Dengan pemberitaan itu hingga mengundang opini pembaca,namun ada hal yang perlu di sampaikan saat Jurnalis pada media ini melakukan Investigasi pada pekerjaan Proyek tersebut,bahwa Lokasi tersebut yang sesuai tercantum pada papan informasi pekerjaan peningkatan jalan pasar Bangun Karya tahap 2.Lokasi Kec.Rantau Rasau dengan nomor kontrak 39/SPK/BM/DPUPR-TJT/APBD/2023.Tanggal kontrak 24 Juli 2023,sumber Dana APBD Kabupaten Tanjung Jabung Timur tahun 2023,Nilai Kontrak : Rp.3.136.728.000.00 waktu pelaksanaan :120 Hari Kalender,penyedia Jasa CV.TOGGLE REKAYASA  dengan Konsultan supervisi : CV. PRADIPTA KARYA CONSULTAN.

Sesuai investigasi dilapangan Kontraktor pelaksana tidak memasang rambu pengatur jalan untuk para pengguna jalan ( Red -jalan alternatif) tidak menggunakan helm standar kerja,sepatu Safety dan perlengkapan lain tidak sesuai standard yang harus di terapkan oleh setiap Perusahaan.

Harusnya Setiap kontraktor dapat memikirkan keselamatan dan kesehatan para pekerja. Kontraktor jangan semaunya sendiri,hal ini harusnya mendapat sanksi.

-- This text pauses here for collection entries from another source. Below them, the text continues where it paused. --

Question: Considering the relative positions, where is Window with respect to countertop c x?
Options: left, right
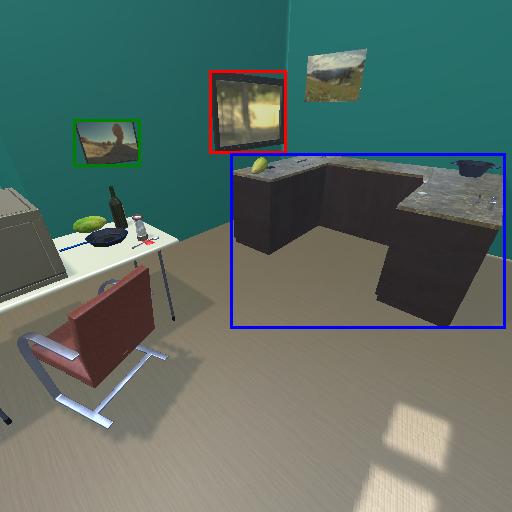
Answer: left
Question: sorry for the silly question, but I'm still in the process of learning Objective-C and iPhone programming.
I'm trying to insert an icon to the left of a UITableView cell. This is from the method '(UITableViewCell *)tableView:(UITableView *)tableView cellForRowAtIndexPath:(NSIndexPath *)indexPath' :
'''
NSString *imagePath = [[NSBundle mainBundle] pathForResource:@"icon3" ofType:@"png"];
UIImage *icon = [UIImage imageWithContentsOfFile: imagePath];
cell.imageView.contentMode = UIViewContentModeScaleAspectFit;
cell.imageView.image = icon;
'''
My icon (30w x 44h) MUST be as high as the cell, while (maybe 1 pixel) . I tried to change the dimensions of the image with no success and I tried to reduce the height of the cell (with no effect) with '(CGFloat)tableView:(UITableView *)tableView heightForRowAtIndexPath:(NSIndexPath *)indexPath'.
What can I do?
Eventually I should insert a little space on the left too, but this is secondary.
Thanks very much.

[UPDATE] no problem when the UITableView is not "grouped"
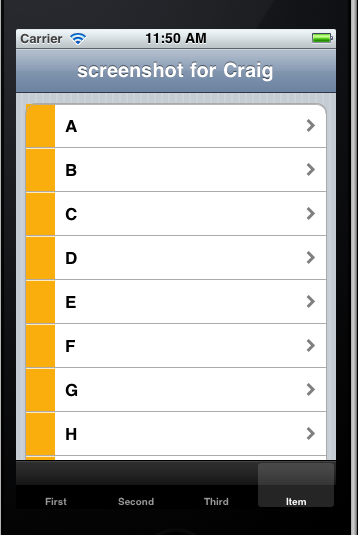
Answer: You need to change the height of the row for the cell.imageView to be resized.
implement the following method and return the height of your image.
'''
- (CGFloat)tableView:(UITableView *)tableView heightForRowAtIndexPath:(NSIndexPath *)indexPath
'''
Try also removing the contentMode setting in your cellForRowAtIndexPath method. You can replace all your code with one line as below:
'''
cell.imageView.image = [UIImage imageNamed:@"icon3.png"];
'''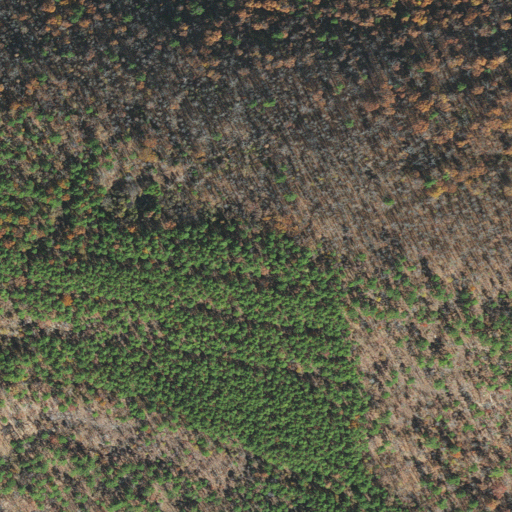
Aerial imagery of mountain in Arkansas named Round Mountain containing deciduous forest, evergreen forest, and mixed forest

Sesuai peraturan Undang-Undang No. 13 Tahun 2003 tentang ketenagakerjaan dan Undang-Undang (UU) No.1 Tahun 1970 tentang K3, setiap perusahaan wajib mengutamakan K3. Jika tidak, maka perusahaan harus bersiap menerima sanksi sesuai aturan yang berlaku.
Standar K3 ini sudah merupakan kewajiban yang harus dijalankan perusahaan. Kalau ada perusahaan yang membandel, ya mereka harus diberi sanksi. Bisa sanksi mencabut izin perusahaan atau sanksi lainnya sesuai aturan perundang-undangan.
Atas dasar informasi melalui media ini agar pemerintah terkait serta pihak penegak hukum untuk dapat memberikan sanksi tegas kepada perusahaan kontraktor yang tidak mematuhi K3. Kelalaian seperti ini dapat dikenakan sanksi administrasi, sanksi teguran hingga sanksi pidana seperti yang diamanatkan dalam undang-undang yang berlaku.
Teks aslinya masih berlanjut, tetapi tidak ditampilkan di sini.